Indeed, it would be an anomaly if such a company didn’t have high sales volume on Cyber Monday, especially if Cyber Monday sales volumes for previous years were very high. The absence of change can be an anomaly if it breaks a pattern that is normal for the data from that particular metric. Anomalies aren’t categorically good or bad, they’re just deviations from the expected value for a metric at a given point in time.

Why do companies need anomaly detection?

Outliers in the data are caused by business incidents in the real world: a new successful marketing campaign which increases leads, a promotional discount that drives up sales, the launch of a much improved module that reduces load time of key pages, lifting conversion rates, or a software update which breaks the localization code for an ecommerce website, tanking online sales in Asia.

Business incidents are the real-world causes, the anomalies in KPIs are the effects.

In the case of a new marketing campaign, the quantifiable increase in leads above the norm is the anomaly which tells you that campaign was successful. When the anomaly is a good thing, as it is in this case, we want to accurately attribute it to the right business incident so that we can repeat that success and increase the effect. Maybe the marketing team behind that campaign needs a bigger budget next fiscal year, along with a bigger headcount?

You can’t correctly attribute a specific anomaly to the underlying business incident if you don’t know about anomalies to begin with. And that’s one of the main reasons companies need anomaly detection: to get accurate feedback on the effectiveness of business initiatives so that money and manpower can be utilized much more efficiently and to greater impact for a company’s bottom line.

Furthermore, would you rather find out instantly from your own data metrics that something is amiss with your online sales or from angry (and now lost) customers on social media? Anomaly detection can point to positive business incidents as well as to potential disasters. The sooner you discover the drop-off in online sales in Asia, the sooner you can get things back on track.

How are anomalies detected?

As we’ve explained above, anomalies are deviations from expected values for the time series of that particular metric. Those expectations are derived from a model built and continuously updated by the same data we’re checking for outliers. The reasoning here may seem circular: we’re comparing a sequence of values against a known standard (in this case, a model) which itself was created from and is being updated by those same values.

Let’s use a simple example to demonstrate. Imagine you’ve recently moved into a new neighborhood where you don’t know any of your new neighbors. Now, also imagine one of these neighbors leaves his house for his morning jog every morning at seven—rain, wind or shine. Months later, one morning, you don’t see him leave.  Nor do you ever see him return home, confirming your suspicion that he never left.

Your months of observing your neighbor jogging every morning is a pretty weird thing to do, but technically speaking, it has created and then reinforced a mental model (every morning at seven she starts jogging), which in turn created an expectation (every morning I will see her start her jog at or near seven) which isn’t met in one particular instance (I expected to see her start her jog at seven this morning, but didn’t).

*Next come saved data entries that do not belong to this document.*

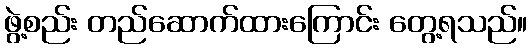
ဖွဲ့စည်း တည်ဆောက်ထားကြောင်း တွေ့ရသည်။
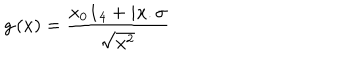
LaTeX: g \left( x \right) = \frac { x _ { 0 } \mathbf { 1 } _ { 4 } + i x . \sigma } { \sqrt { x ^ { 2 } } }
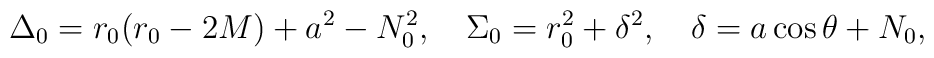
\Delta_0=r_0(r_0-2M) + a^2 - N_0^2,\quad\Sigma_0=r_0^2+\delta^2,\quad \delta =a\cos\theta+N_0,
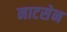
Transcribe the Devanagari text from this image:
नाटसेन
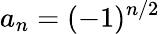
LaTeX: a_{n}=(-1)^{n/2}
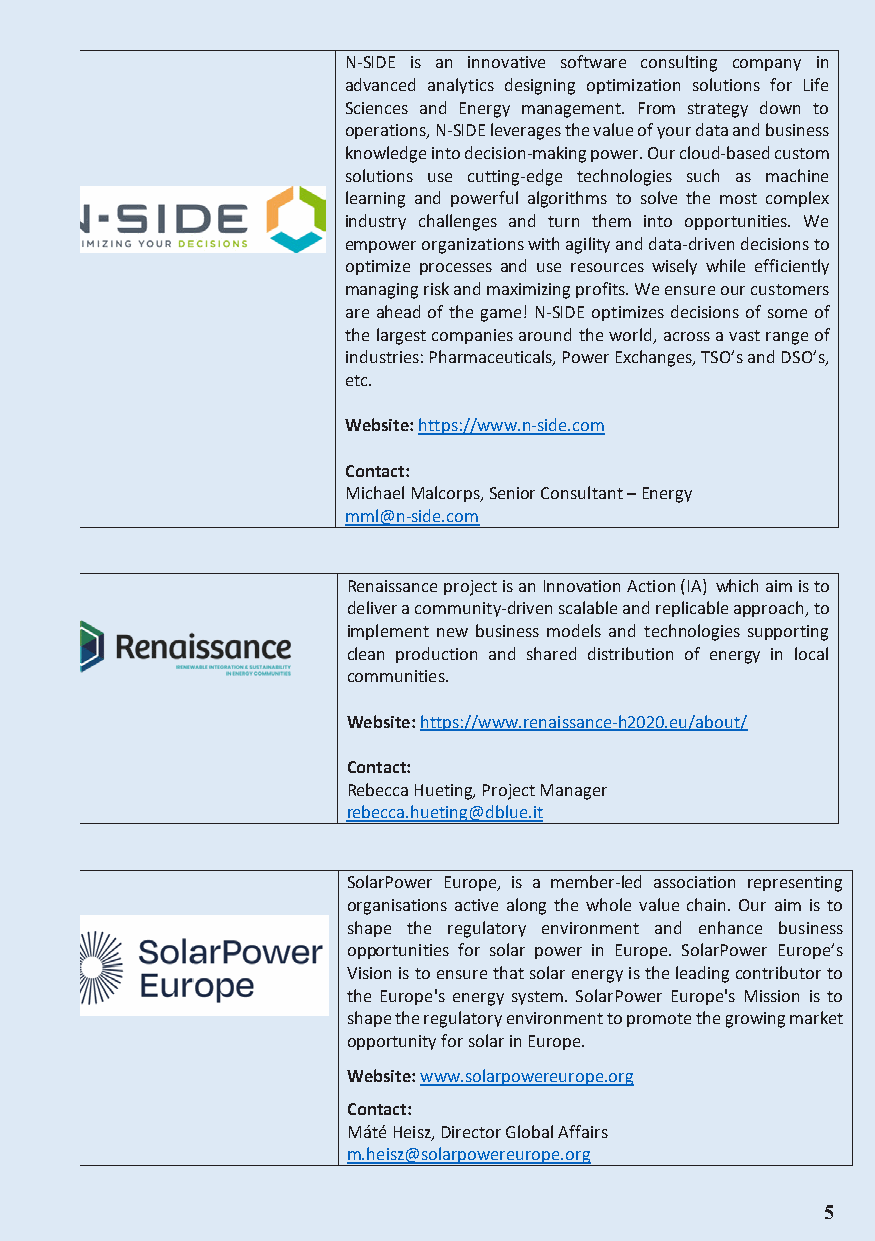
N-SIDE is an innovative software consulting company in
 advanced analytics designing optimization solutions for Life
 Sciences and Energy management. From strategy down to
 operations, N-SIDE leverages the value of your data and business
 Coknmowpledagne iynt oP dreocisfiiolne-msaking power. Our cloud-based custom
 solutions use cutting-edge technologies such as machine
 MERLON introduces an integrated modular local energy learning and powerful algorithms to solve the most complex
 management framework for the holistic operational industry challenges and turn them into opportunities. We
 optimisation of local energy systems in presence of high shares empower organizations with agility and data-driven decisions to
 of volatile distributed renewable energy sources. Optimisation in optimize processes and use resources wisely while efficiently
 MERLON applies to multiple levels spanning optimal managing risk and maximizing profits. We ensure our customers
 coordination of local generation as well as flexibility provision to are ahead of the game! N-SIDE optimizes decisions of some of
 facilitate maximum integration of renewable energy, avoidance the largest companies around the world, across a vast range of
 of curtailment and satisfaction of balancing/ancillary grid needs. industries: Pharmaceuticals, Power Exchanges, TSO’s and DSO’s,
 In this sense MERLON will also enable the realisation of novel etc.
 business models, allowing local energy communities to
 introduce themselves in local flexibility markets, while assigning Website: https://www.n-side.com
 to local Distribution System Operators the tools for the provision
 of added value services to the overlay distribution grid. Contact:
 Michael Malcorps, Senior Consultant – Energy
 Website: https://www.merlon-project.eu mml@n-side.com
 Contact:
 Katerina Valalaki, Project Manager Renaissance project is an Innovation Action (IA) which aim is to
 k.valalaki@hypertech.gr deliver a community-driven scalable and replicable approach, to
 implement new business models and technologies supporting
 clean production and shared distribution of energy in local
 communities.
 MUSE Grids project aims to demonstrate, system-wide and in
 real-life operational conditions, a set of both technological and Website: https://www.renaissance-h2020.eu/about/
 non-technological solutions adapted to local circumstances
 targeting local urban energy grids (electricity, heating & cooling, Contact:
 water, gas, e-mobility) to enable maximization of affordable Rebecca Hueting, Project Manager
 local energy independency thanks to optimized management of rebecca.hueting@dblue.it
 the production via end users’ centred control strategies, smart
 grid functionalities, storage and energy system integration with
 the objective of paving the way for their introduction in the SolarPower Europe, is a member-led association representing
 market in the near future. organisations active along the whole value chain. Our aim is to
 shape the regulatory environment and enhance business
 Website: www.muse-grids.eu opportunities for solar power in Europe. SolarPower Europe’s
 Vision is to ensure that solar energy is the leading contributor to
 Contact:               the Europe's energy system. SolarPower Europe's Mission is to
 Alessandra Cuneo, Project Manager shape the regulatory environment to promote the growing market
 alessandra.cuneo@rina.org opportunity for solar in Europe.
 Website: www.solarpowereurope.org
 Contact:
 Máté Heisz, Director Global Affairs
 m.heisz@solarpowereurope.org
 4
 www.renewableeneergyindiaexpo.com 87
 5
 Information Classification: General
 Information Classification: General
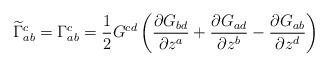
LaTeX: \begin{align*}\widetilde{\Gamma}^c_{ab}=\Gamma^c_{ab}=\frac{1}{2}G^{cd}\left(\frac{\partial G_{bd}}{\partial z^a}+\frac{\partial G_{ad}}{\partial z^b}-\frac{\partial G_{ab}}{\partial z^d}\right)\end{align*}
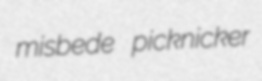
misbede picknicker
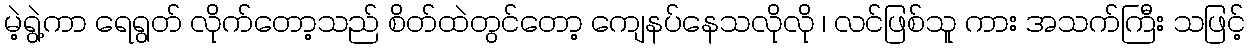
မဲ့ရွဲ့ကာ ရေရွတ် လိုက်တော့သည် စိတ်ထဲတွင်တော့ ကျေနပ်နေသလိုလို ၊ လင်ဖြစ်သူ ကား အသက်ကြီး သဖြင့်
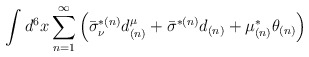
\begin{align*}\int d^6 x\sum ^{\infty}_{n=1}\left(\bar \sigma ^{*(n)}_{\nu } d ^{\mu }_{(n)}+\bar \sigma ^{*(n)} d _{(n)}+\mu ^{*}_{(n)} \theta _{(n)}\right)\end{align*}

Our human brains naturally focus on and flag anomalies, the rare exceptions to the rule.  An anomaly detection system is a piece of software written to do the same thing, but with data.

Continuing with our neighbor analogy, after seeing this anomaly you might speculate as to the cause: maybe she’s too sick for exercise right now, maybe she’s out of town.  And it will probably stop there because, aside from neighborly curiosity, it’s really none of your business.

When it comes to your organization’s KPIs, however, anomalies literally are your business.

In our second post, we’ll discuss why it’s critical for your business to detect anomalies in real time.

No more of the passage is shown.